START Input data

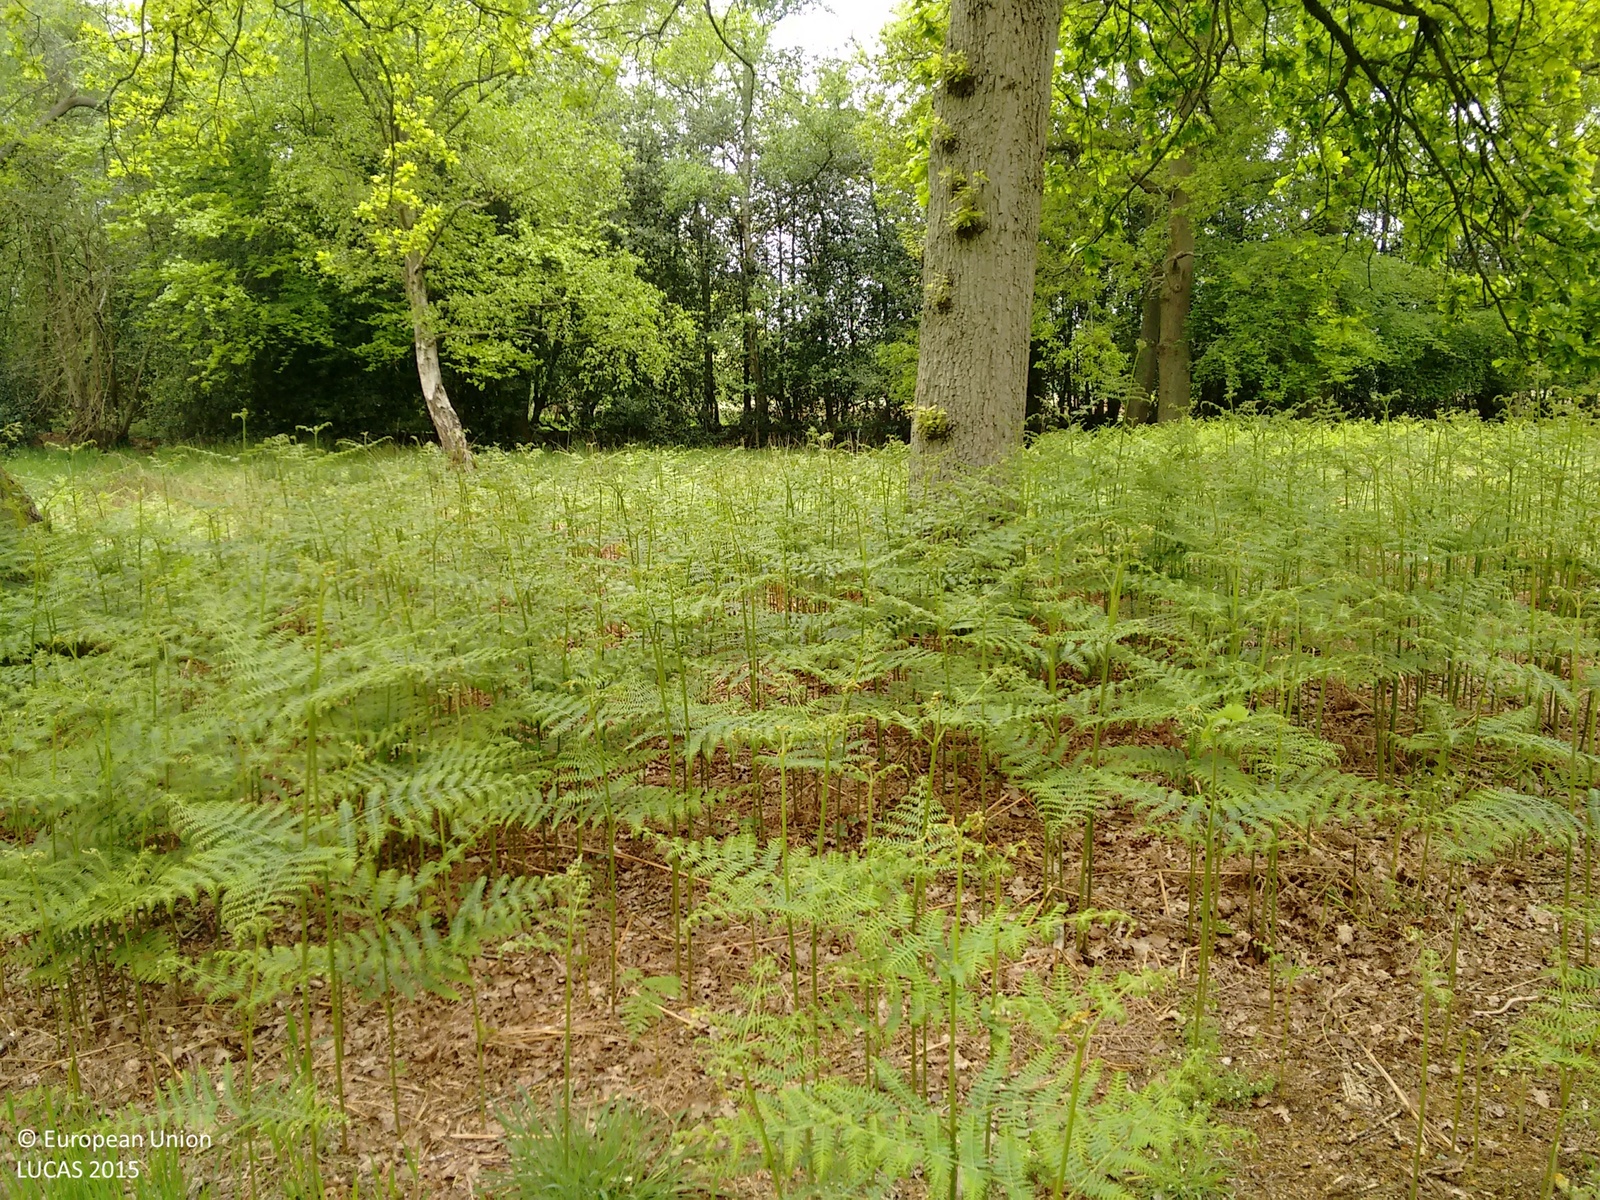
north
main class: Grassland
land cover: Spontaneously vegetated surfaces
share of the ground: 25 - 50 %
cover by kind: herbaceous plants 50 %, unconsolidated bare surface 50 %
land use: Semi-natural and natural areas not in use
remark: Clear cut
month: May
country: GB
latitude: 51.3492
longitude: -0.8833

END Input data

Exercise directions. Transcribe the full listing above exactly as it stands, minus the pictures.

Result below.
north
main class: Grassland
land cover: Spontaneously vegetated surfaces
share of the ground: 25 - 50 %
cover by kind: herbaceous plants 50 %, unconsolidated bare surface 50 %
land use: Semi-natural and natural areas not in use
remark: Clear cut
month: May
country: GB
latitude: 51.3492
longitude: -0.8833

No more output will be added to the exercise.